Tem-se como foco, na presente análise, a área criminal. Nesta seara, as garantias constitucionais previstas são amplíssimas. Elas podam a atuação punitiva estatal e põe a salvo os direitos básicos dos cidadãos, como, por exemplo, o direito de ser preso apenas após o trânsito em julgado da sentença penal condenatória, permitindo algumas exceções à regra, o direito ao devido processo legal, à ampla defesa, ao contraditório, o direto de ter fundamentada toda decisão que restrinja a liberdade, os direitos e os bens de qualquer pessoa etc.
Muitas dessa garantias, na prática, são esquecidas. Verifica-se, no cotidiano forense, prisões realizadas sem qualquer fundamentação idônea, motivadas apenas pelo clamor público ou pela gravidade abstrata do crime praticado. Não se está aqui negando a importância ou a razão da população em clamar por justiça diante da prática de delitos que tenham causado repercussão na sociedade. Porém, o que não se pode esquecer é que vivemos num Estado Democrático de Direito, onde as condutas dos representantes estatais devem-se pautar pelo que descreve a lei.
Os julgadores não podem absorver as angústias, mesmo que justas, da sociedade. Ele é um agente político preparado para manter-se equidistante das partes em conflito. Imaginem, senhores leitores, um parente ou amigo que tenha se envolvido, por qualquer motivo, em algum crime de grande repercussão. Por esse fato ele não merece ser processado de acordo com os procedimentos legais? Não merece gozar das garantias constitucionais? Pensem, ainda, em contexto diferente, no caso de uma contenda qualquer que envolva você e o seu vizinho. Seria aceitável que quem fosse resolver o litígio estivesse influenciado pela parte contrária? Que o julgador absorvesse as angústias do vizinho e, assim, decidisse o problema? Acredito que ninguém aceitaria tal julgador parcial. Pois então, porque permitir ou aceitar que quem tenha praticado um crime (ofensa maior à sociedade) seja julgado por alguém influenciado pela própria sociedade? Deve-se, ao menos, refletir a respeito do assunto.
A lei garante essa imparcialidade. O pensamento de que as normas ou garantias constitucionais servem apenas para deixar impune o criminoso, é falso. Nossa legislação é severa, muitas vezes desproporcional, e, como bem afirmado em artigo anterior de outro colega Defensor, prevê soluções impensadas para temas de extrema complexidade, tudo pelo fato de ter ocorrido um evento de repercussão nacional.
Porém, por mais estranho que pareça, não raro os próprios julgadores esquecem os limites impostos na Lei Maior e na legislação ordinária e atuam em manifesto confronto com elas.
Para exemplificar tal percepção, apenas nos meandros estreitos da área criminal, veja-se o que ocorre com quem é preso em flagrante delito por um crime qualquer. A lei determina, no artigo 310, parágrafo único do Código de Processo Penal, que o juiz, quando recebe a comunicação do flagrante, o que dever ocorrer em até 24 horas, deve conceder ao preso a liberdade provisória se não estiverem presentes os fundamentos da prisão preventiva. O que parece é que esta norma não está escrita. Muitos juízes, não todos, contentam-se em proferir uma sucinta decisão homologatória do flagrante. Nem ao menos analisam se estão presentes as razões para a decretação da prisão preventiva, até para dizer que estão, ofendendo, frontalmente, o que prevê a lei.

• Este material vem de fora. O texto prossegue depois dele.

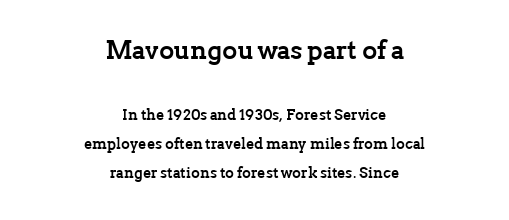
{"italic": "no", "bold": "yes", "underline": "no", "align": "center", "line_spacing": "loose", "line_spacing_ratio": 1.91, "letter_spacing": "normal", "letter_spacing_em": 0.0, "larger_block": "first", "size_ratio": 1.73, "glyph_px": 26}
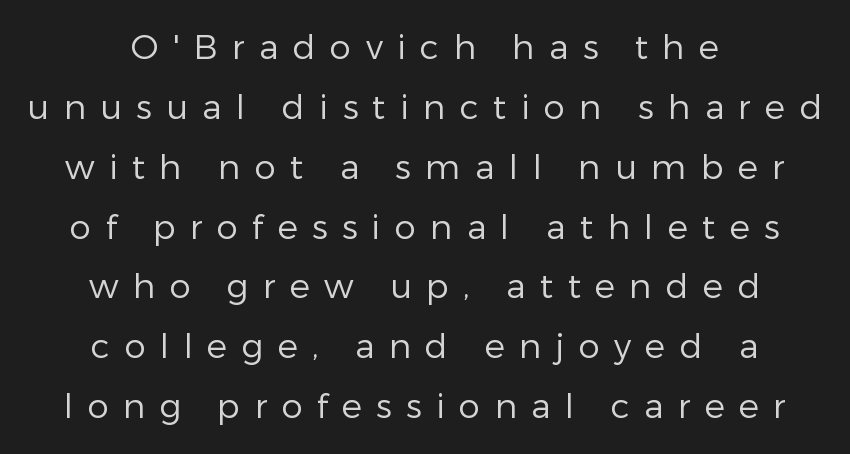
The image shows 34 px regular-weight sans-serif type, upright; set centered, line spacing 1.76x, unusually wide letter spacing (+0.42 em), not underlined; low stroke contrast and a medium x-height.
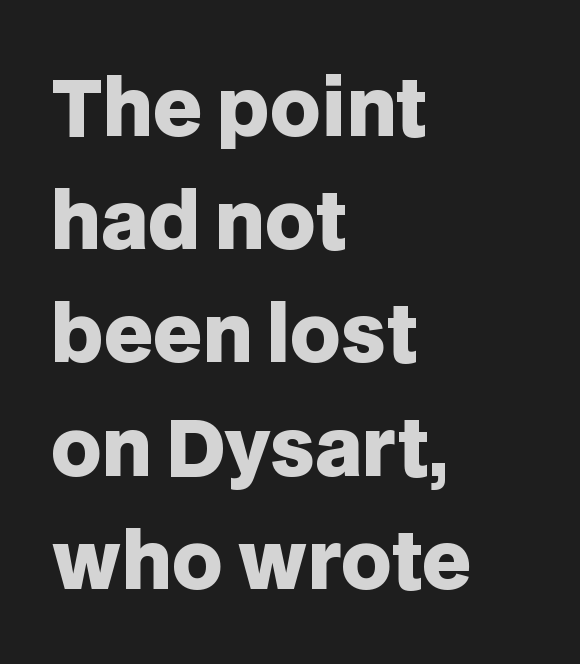
The image shows 77 px heavy sans-serif type, upright; set left-aligned, normal line spacing (1.47x), normal letter spacing, not underlined; low stroke contrast and a large x-height.
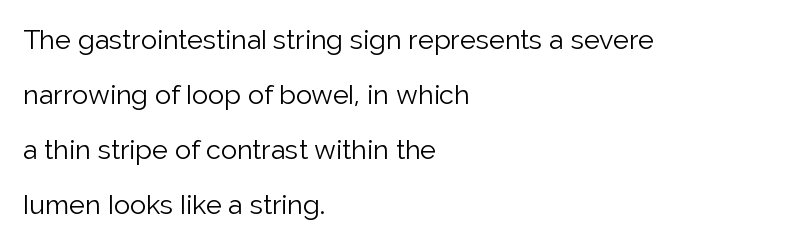
The rendering keeps characters at their native spacing. Posture: vertical. This rendering features lettering with no underline. The typesetting does not lean heavy: it is not bold.
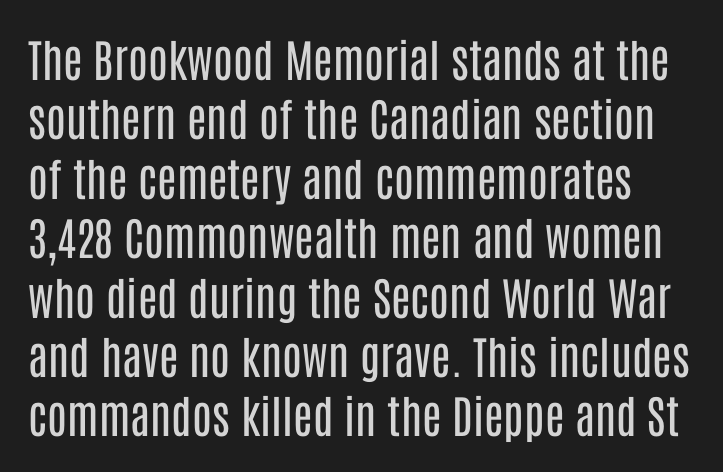
Unlike italic type, these characters show no tilt at all. Stroke terminals: plain, sans-serif. The area under the type is left untouched. Ink coverage per letter is moderate at most. Tracking value appears to be zero — textbook default spacing.
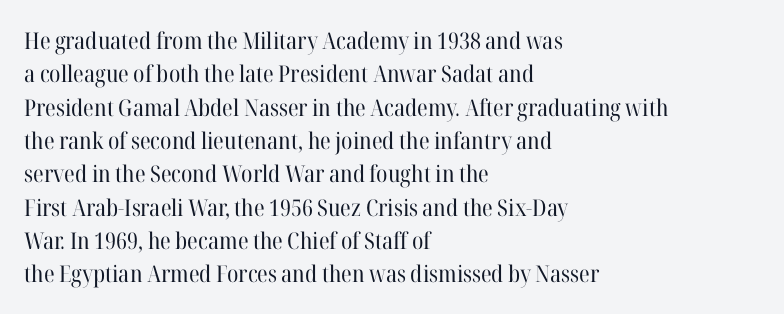
{"italic": "no", "bold": "no", "underline": "no", "align": "left", "line_spacing": "normal", "line_spacing_ratio": 1.45, "letter_spacing": "normal", "letter_spacing_em": 0.0, "glyph_px": 23}
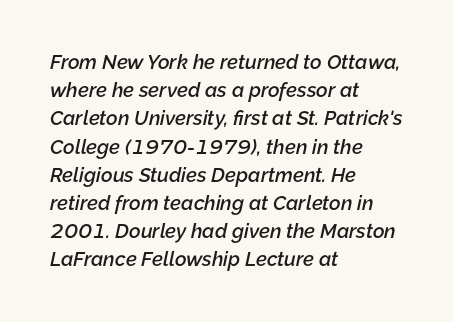
The image shows 20 px text type, italic (leaning right); set left-aligned, normal line spacing (1.41x), normal letter spacing, not underlined.
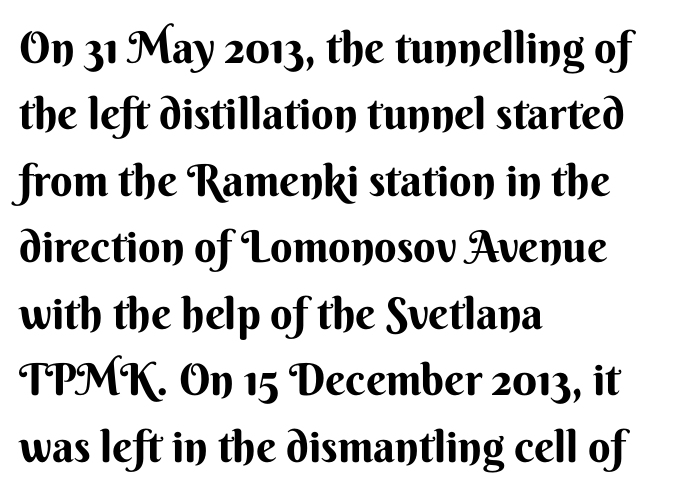
Q: Is the text bold? A: Yes.
Q: Is the text italic (slanted)? A: No, it is upright.
Q: Is the typeface a serif or a sans-serif typeface? A: Sans-serif.
Q: Is the text underlined? A: No.
Q: How is the paragraph aligned? A: Left-aligned.
Q: Is the spacing between letters normal or unusually wide? A: Normal.
Q: Is the spacing between lines tight, normal or loose? A: Normal.
Q: Width (condensed, normal, or wide)? A: Normal.
Q: Stroke contrast? A: Medium.
Q: x-height? A: Small.
Q: Monospaced? A: No.

Assim agindo, alguns magistrados terminam por ferir o direto à liberdade previsto na Constituição Federal e esquecem também do princípio da presunção de inocência, pois, em última análise, a prisão sofrida pelo sujeito, por não ter motivo especial algum, passa a caracterizar-se como uma pena, o que só pode ocorrer após o seu final julgamento.
O que se observa, por fim, é que existe um mundo das leis, onde quase tudo é perfeito e onde as regras e princípios harmonizam-se, e, em paralelo, um mundo real, onde as normas, por mais valiosas que sejam, não são observadas, sendo, muitas delas, consideradas como se não fossem sequer escritas. Este não é um problema afeto apenas à área criminal. Existe também um mundo real, diverso do legal, quando o assunto é saúde, educação, assistência social, trabalho, lazer etc. É que nós vivemos no Brasil. Mas, acreditem, o mundo das leis existe.
João Maurício da Rocha de Mendonça
Defensor Público do Estado de Alagoas
17h25, 13 de junho de 2011
Defensor público Evaldo Segundo
Um dia desses me surpreendi quando ouvi um rapaz comentando com um amigo que Defensor Público só existe para defender bandido. Mais surpreso ainda fiquei quando o seu amigo, pessoa bem esclarecida por sinal, informou que a Defensoria Pública fora criada pela Constituição da República Federativa do Brasil, em 1988, e nasceu para promover a verdadeira justiça social e a cidadania plena. Que garoto esperto, pensei!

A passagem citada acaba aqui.